Work to complete:
Could you give the entries back exactly as they stand, minus any pictures?

Exercise materials:
=======

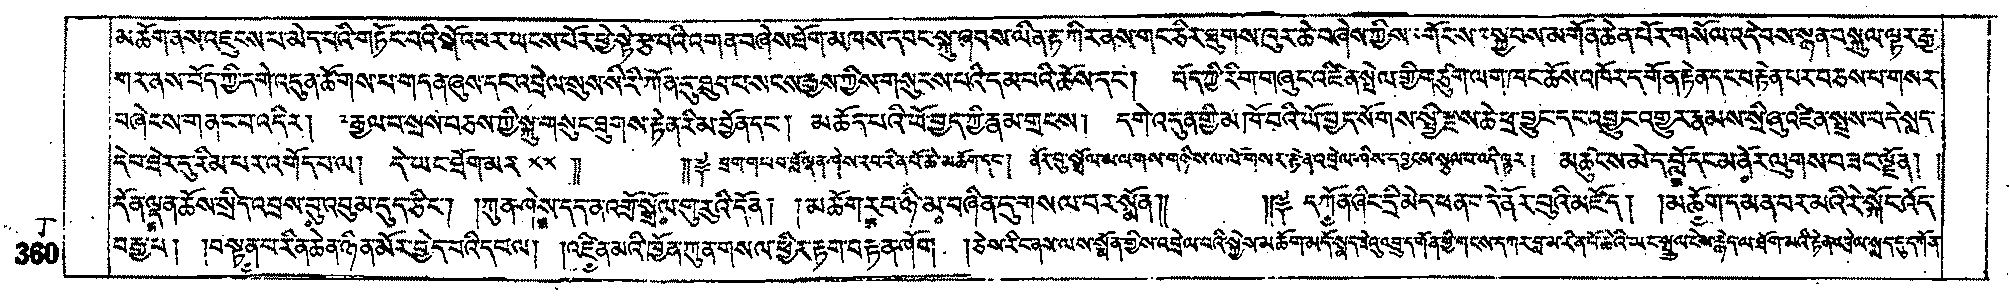མཆོག་ནས་འཇུངས་པ་མེད་པའི་གཏོང་པའི་སྒོ་འཕར་ཡངས་པོར་ཕྱེ་སྟེ་རྩ་བའི་འགན་བཞེས་ཐོག་མཁས་དབང་སྐུ་ཞབས་ལིན་རྟ་ཀིར་ནས་གང་ཅིར་ཐུགས་ཁུར་ཆེ་བཞེས་ཀྱིས ༧གོང་ས ༧སྐྱབས་མགོན་ཆེན་པོར་གསོལ་འདེབས་སྙན་བསྐུལ་ལྟར་རྒྱ་
གར་ནས་བོད་ཀྱི་དགེ་འདུན་ཚོགས་པ་གདན་ཞུས་དང་འབྲེལ་སུས་སི་རི་ཀོན་དུ་ཐུབ་པ་སངས་རྒྱས་ཀྱིས་གསུངས་པའི་དམ་པའི་ཆོས་དང་། བོད་ཀྱི་རིག་གཞུང་འཛིན་སྤེལ་གྱི་གཙུག་ལག་ཁང་ཆོས་འཁོར་དགོན་རྟེན་དང་བརྟེན་པར་བཅས་པ་གསར་
བཞེངས་གནང་བ་འདིར། ༧རྒྱལ་བ་སྲས་བཅས་ཀྱི་སྐུ་གསུང་ཐུགས་རྟེན་རིམ་བྱོན་དང་། མཆོད་པའི་ཡོ་བྱད་ཀྱི་རྣམ་གྲངས། དགེ་འདུན་གྱི་མཁོ་བའི་ཡོ་བྱད་སོགས་སྤྱི་རྫས་ཆེ་ཕྲ་བྱུང་དང་འབྱུང་འགྱུར་རྣམས་སྲི་ཞུ་འཛིན་སྤྲས་བདེ་སླད་
དེབ་ཐེར་དུ་རིམ་པར་འགོད་པ་ལ། དེ་ཡང་ཐོག་མར་྾་྾་།། །།འ་བྲག་གཡབ་བློ་ལྡན་ཤེས་རབ་རིན་པོ་ཆེ་མཆོག་དང་། ནོར་བུ་སྒྲོལ་མ་ལགས་གཉིས་ལ་ལོ་གསར་རྟེན་འབྲེལ་ཤིས་དབྱངས་སྩལ་བ་འདི་ལྟར།  མཚུངས་མེད་བློ་དང་མ་ནོར྾་ལུགས་བཟང་ལྗོན། །
དོན་ལྡན་ཆོས་སྲིད་འབྲས་བུ྾་འབུམ་དུད་ཅིང་། །ཀུན་ཤེས་དད་ན་འགྲོ་སྒྲོལ྾་གུ་རུའི་དོན། །མཆོག་རབ་ཉི་མ྾་བཞིན་དུ་གསལ་བར་སྨོན།། །།འ་དཀོན་ཞིང་དྲི་མེད་ཕན་བདེ་ནོར་བུའི་མཛོད། །མཆོག་དམན་བར་མའི་རེ་སྐོང་འོད་
བརྒྱ་པ། །བསྟན་པ་རིན་ཆེན་ཉིན་མོར་བྱེད་པའི་དཔལ། །འཛིན་མའི་ཁྱོན་ཀུན་གསལ་ཕྱིར་རྟག་བརྟེན་ཤོག །ཅེས་རིང་ནས་ལས་སྨོན་གྱིས་འབྲེལ་བའི་སྐྱེས་མཆོག་མདོ་སྨད་ཟེའུ་འབྲུ་དགོན་གྱི་གངས་དཀར་བླ་མ་རིན་པོ་ཆེའི་ཡང་སྤྲུལ་ངེས་རྙེད་ལ་ཐོག་མའི་རྟེན་འབྲེལ་སླད་དུ་དཀོན་

=======

Answer below:
མཆོག་ནས་འཇུངས་པ་མེད་པའི་གཏོང་པའི་སྒོ་འཕར་ཡངས་པོར་ཕྱེ་སྟེ་རྩ་བའི་འགན་བཞེས་ཐོག་མཁས་དབང་སྐུ་ཞབས་ལིན་རྟ་ཀིར་ནས་གང་ཅིར་ཐུགས་ཁུར་ཆེ་བཞེས་ཀྱིས ༧གོང་ས ༧སྐྱབས་མགོན་ཆེན་པོར་གསོལ་འདེབས་སྙན་བསྐུལ་ལྟར་རྒྱ་
གར་ནས་བོད་ཀྱི་དགེ་འདུན་ཚོགས་པ་གདན་ཞུས་དང་འབྲེལ་སུས་སི་རི་ཀོན་དུ་ཐུབ་པ་སངས་རྒྱས་ཀྱིས་གསུངས་པའི་དམ་པའི་ཆོས་དང་། བོད་ཀྱི་རིག་གཞུང་འཛིན་སྤེལ་གྱི་གཙུག་ལག་ཁང་ཆོས་འཁོར་དགོན་རྟེན་དང་བརྟེན་པར་བཅས་པ་གསར་
བཞེངས་གནང་བ་འདིར། ༧རྒྱལ་བ་སྲས་བཅས་ཀྱི་སྐུ་གསུང་ཐུགས་རྟེན་རིམ་བྱོན་དང་། མཆོད་པའི་ཡོ་བྱད་ཀྱི་རྣམ་གྲངས། དགེ་འདུན་གྱི་མཁོ་བའི་ཡོ་བྱད་སོགས་སྤྱི་རྫས་ཆེ་ཕྲ་བྱུང་དང་འབྱུང་འགྱུར་རྣམས་སྲི་ཞུ་འཛིན་སྤྲས་བདེ་སླད་
དེབ་ཐེར་དུ་རིམ་པར་འགོད་པ་ལ། དེ་ཡང་ཐོག་མར་྾་྾་།། །།འ་བྲག་གཡབ་བློ་ལྡན་ཤེས་རབ་རིན་པོ་ཆེ་མཆོག་དང་། ནོར་བུ་སྒྲོལ་མ་ལགས་གཉིས་ལ་ལོ་གསར་རྟེན་འབྲེལ་ཤིས་དབྱངས་སྩལ་བ་འདི་ལྟར།  མཚུངས་མེད་བློ་དང་མ་ནོར྾་ལུགས་བཟང་ལྗོན། །
དོན་ལྡན་ཆོས་སྲིད་འབྲས་བུ྾་འབུམ་དུད་ཅིང་། །ཀུན་ཤེས་དད་ན་འགྲོ་སྒྲོལ྾་གུ་རུའི་དོན། །མཆོག་རབ་ཉི་མ྾་བཞིན་དུ་གསལ་བར་སྨོན།། །།འ་དཀོན་ཞིང་དྲི་མེད་ཕན་བདེ་ནོར་བུའི་མཛོད། །མཆོག་དམན་བར་མའི་རེ་སྐོང་འོད་
བརྒྱ་པ། །བསྟན་པ་རིན་ཆེན་ཉིན་མོར་བྱེད་པའི་དཔལ། །འཛིན་མའི་ཁྱོན་ཀུན་གསལ་ཕྱིར་རྟག་བརྟེན་ཤོག །ཅེས་རིང་ནས་ལས་སྨོན་གྱིས་འབྲེལ་བའི་སྐྱེས་མཆོག་མདོ་སྨད་ཟེའུ་འབྲུ་དགོན་གྱི་གངས་དཀར་བླ་མ་རིན་པོ་ཆེའི་ཡང་སྤྲུལ་ངེས་རྙེད་ལ་ཐོག་མའི་རྟེན་འབྲེལ་སླད་དུ་དཀོན་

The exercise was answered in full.